::: DATA FOR PROCESSING

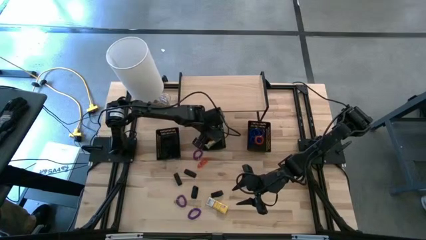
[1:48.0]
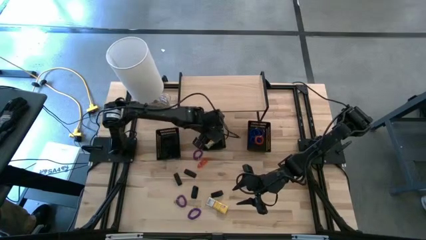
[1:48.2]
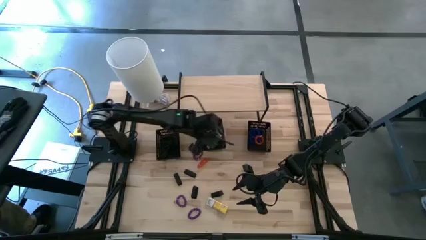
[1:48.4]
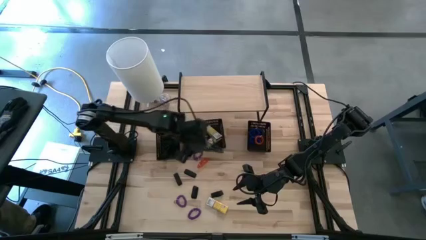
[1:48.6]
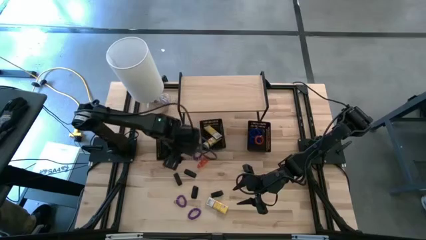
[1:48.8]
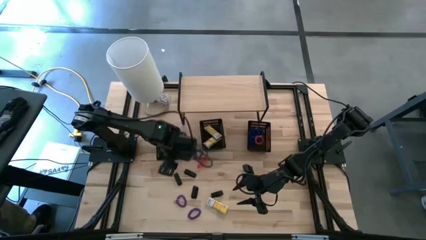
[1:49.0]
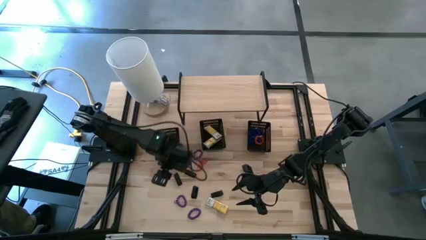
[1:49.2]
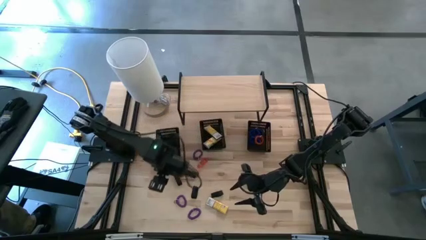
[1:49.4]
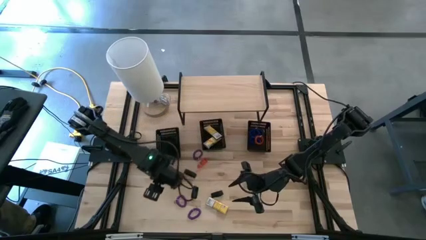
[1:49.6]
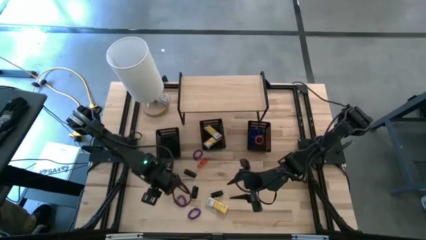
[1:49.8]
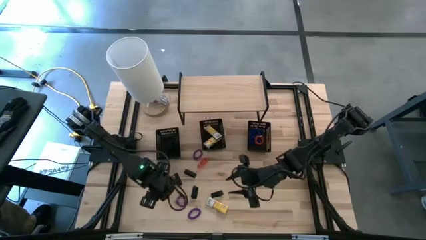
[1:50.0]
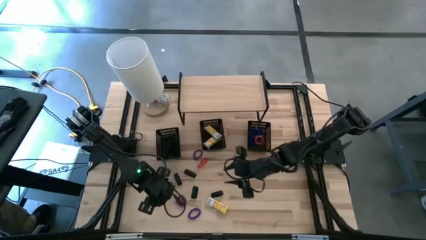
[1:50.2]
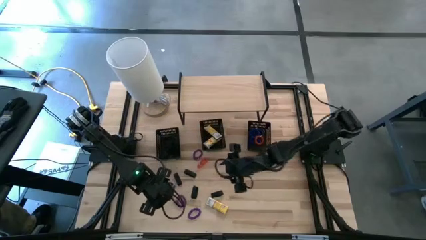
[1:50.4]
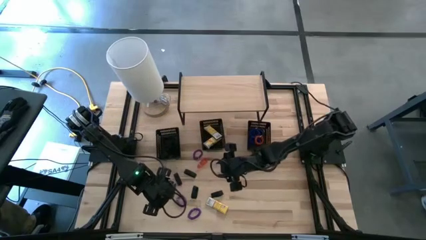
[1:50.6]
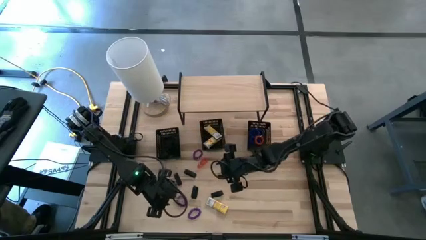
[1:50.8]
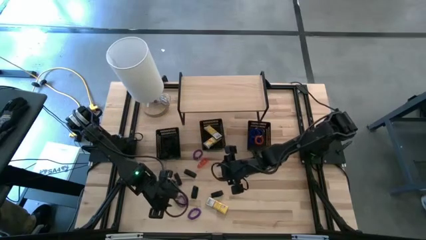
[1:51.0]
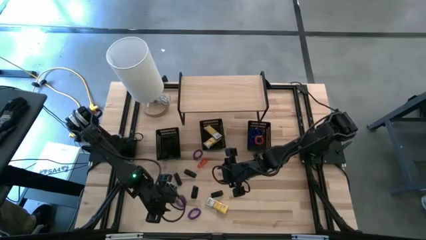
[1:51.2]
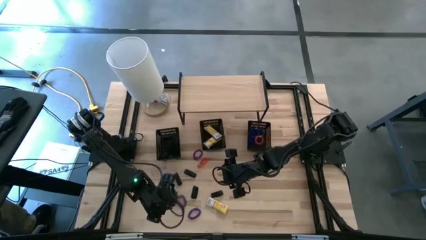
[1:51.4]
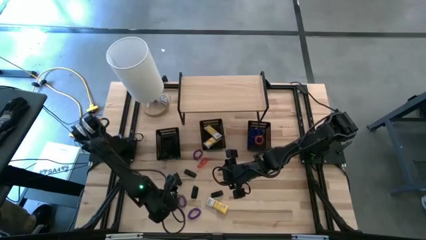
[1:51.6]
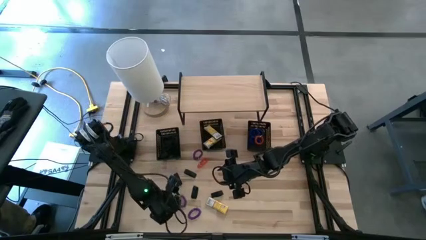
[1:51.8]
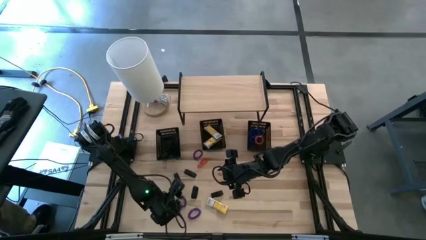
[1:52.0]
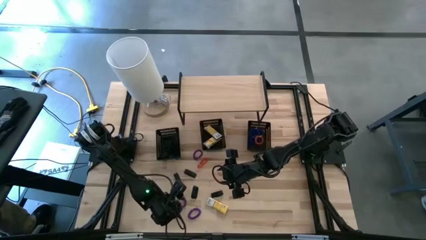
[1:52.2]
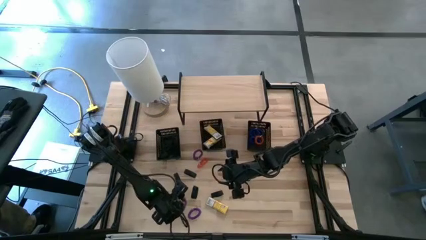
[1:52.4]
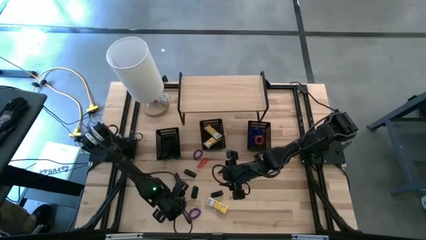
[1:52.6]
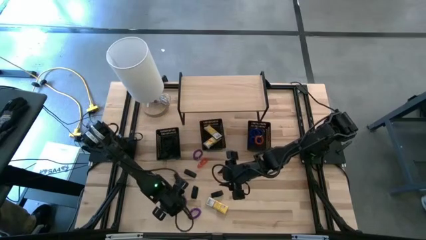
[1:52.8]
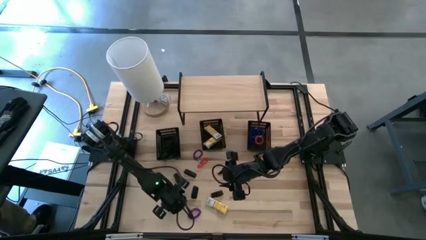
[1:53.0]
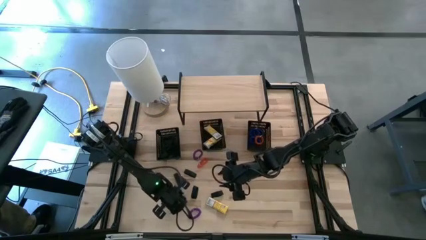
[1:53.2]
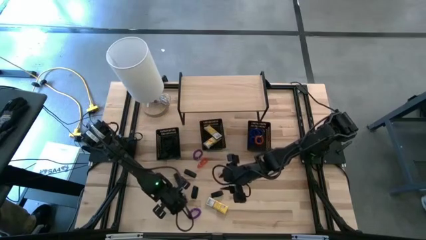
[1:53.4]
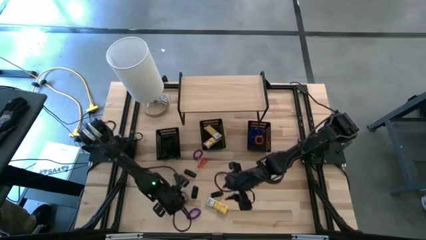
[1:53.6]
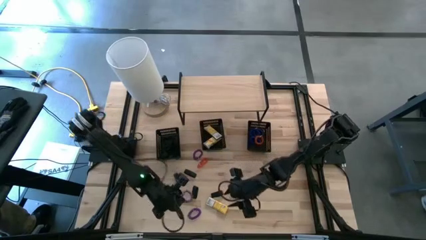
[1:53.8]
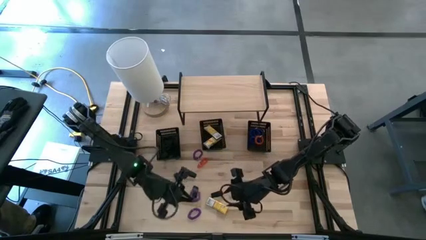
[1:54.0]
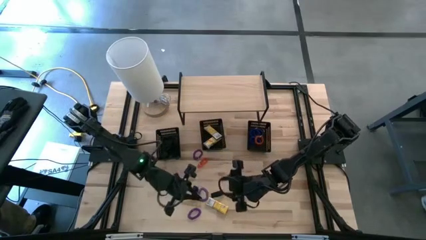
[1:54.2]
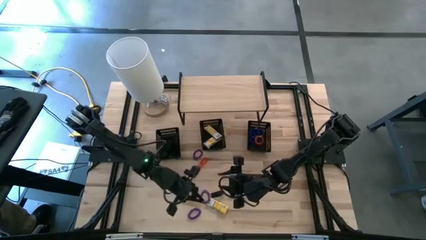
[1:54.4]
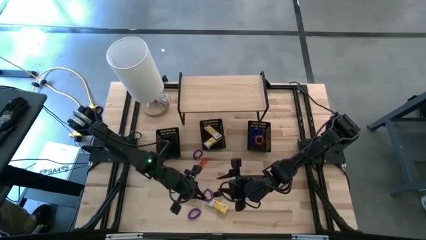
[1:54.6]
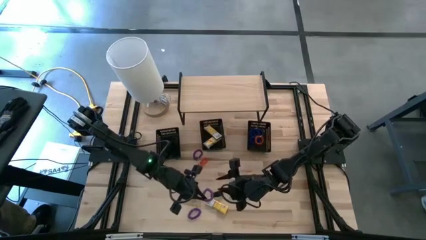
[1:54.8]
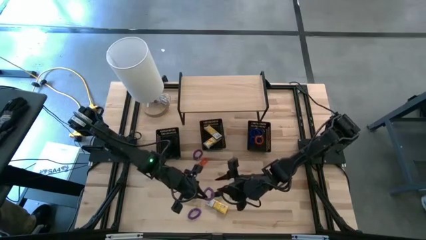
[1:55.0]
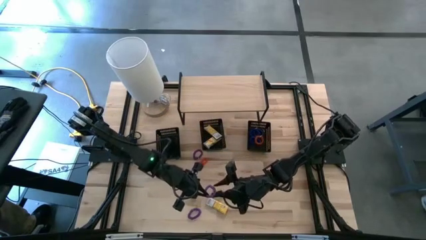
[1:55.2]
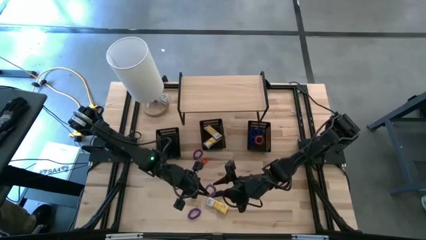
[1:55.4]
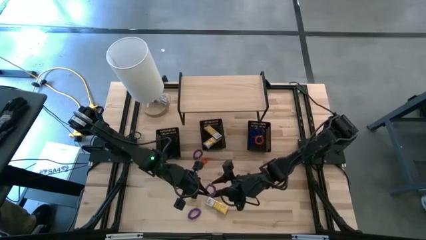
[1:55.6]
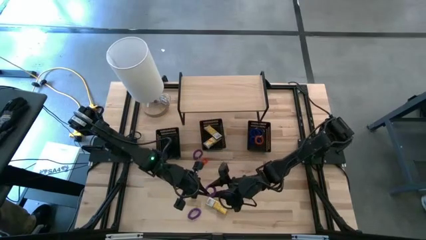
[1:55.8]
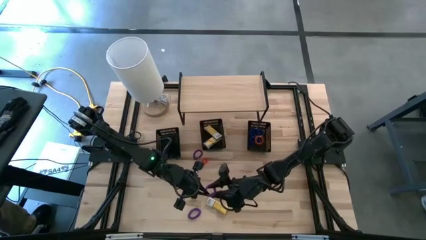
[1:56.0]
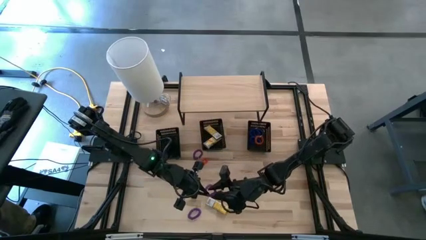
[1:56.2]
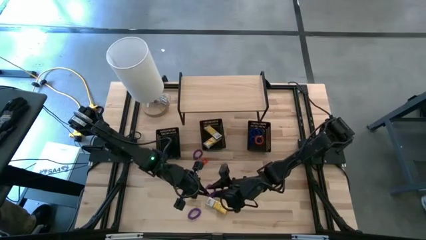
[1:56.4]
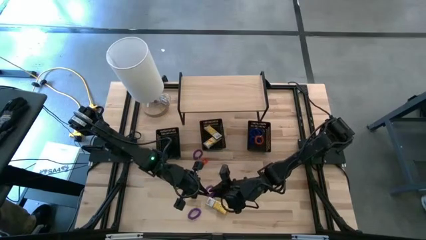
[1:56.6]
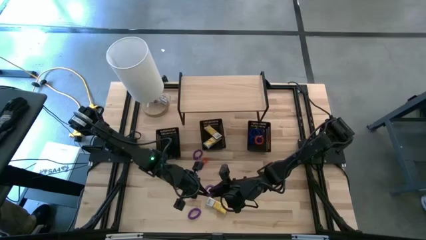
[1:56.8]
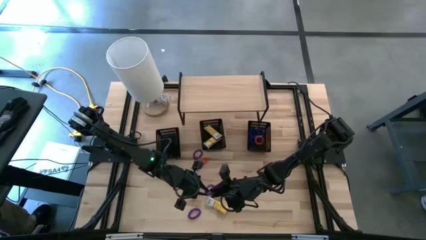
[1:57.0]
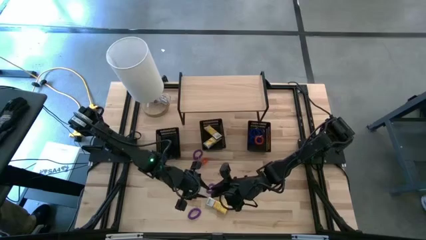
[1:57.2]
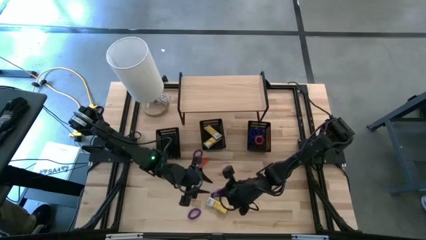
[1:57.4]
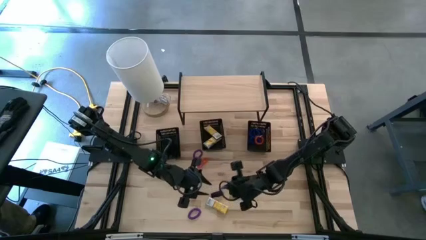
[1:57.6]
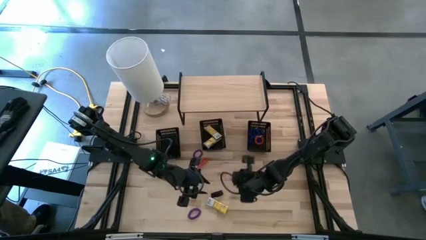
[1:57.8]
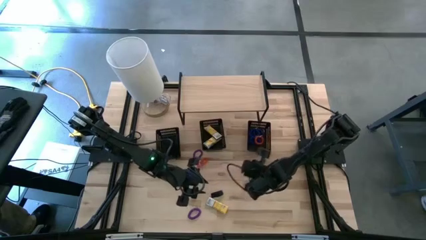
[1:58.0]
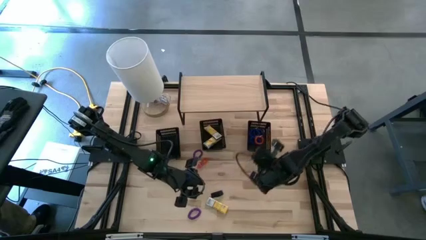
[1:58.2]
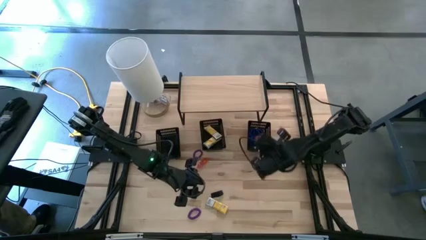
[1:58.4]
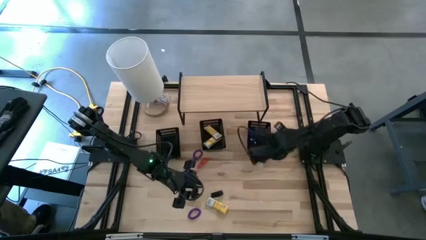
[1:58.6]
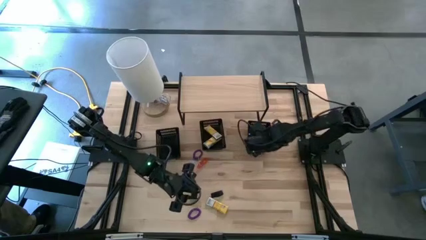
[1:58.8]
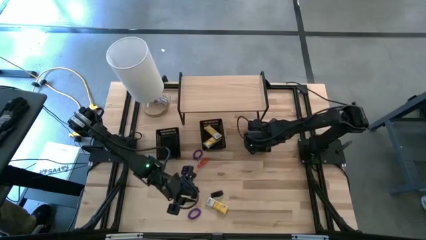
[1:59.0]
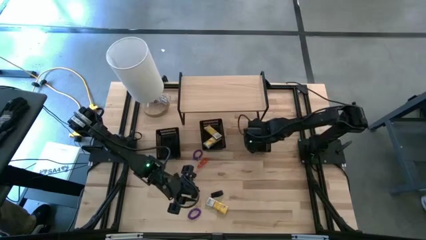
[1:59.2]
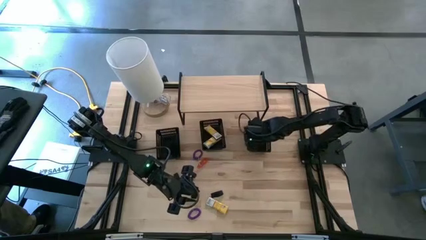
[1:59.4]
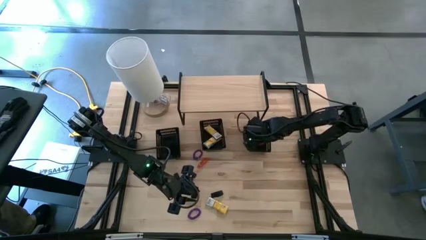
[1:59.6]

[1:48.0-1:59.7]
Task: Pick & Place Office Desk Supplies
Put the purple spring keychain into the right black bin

::::::

**EXERCISE PROMPT:**
Output nothing but the records, word for word, and none of their pictures.

**YOUR RESPONSE:**
[1:48.0]
[1:48.2]
[1:48.4]
[1:48.6]
[1:48.8]
[1:49.0]
[1:49.2]
[1:49.4]
[1:49.6]
[1:49.8]
[1:50.0]
[1:50.2]
[1:50.4]
[1:50.6]
[1:50.8]
[1:51.0]
[1:51.2]
[1:51.4]
[1:51.6]
[1:51.8]
[1:52.0]
[1:52.2]
[1:52.4]
[1:52.6]
[1:52.8]
[1:53.0]
[1:53.2]
[1:53.4]
[1:53.6]
[1:53.8]
[1:54.0]
[1:54.2]
[1:54.4]
[1:54.6]
[1:54.8]
[1:55.0]
[1:55.2]
[1:55.4]
[1:55.6]
[1:55.8]
[1:56.0]
[1:56.2]
[1:56.4]
[1:56.6]
[1:56.8]
[1:57.0]
[1:57.2]
[1:57.4]
[1:57.6]
[1:57.8]
[1:58.0]
[1:58.2]
[1:58.4]
[1:58.6]
[1:58.8]
[1:59.0]
[1:59.2]
[1:59.4]
[1:59.6]

[1:48.0-1:59.7]
Task: Pick & Place Office Desk Supplies
Put the purple spring keychain into the right black bin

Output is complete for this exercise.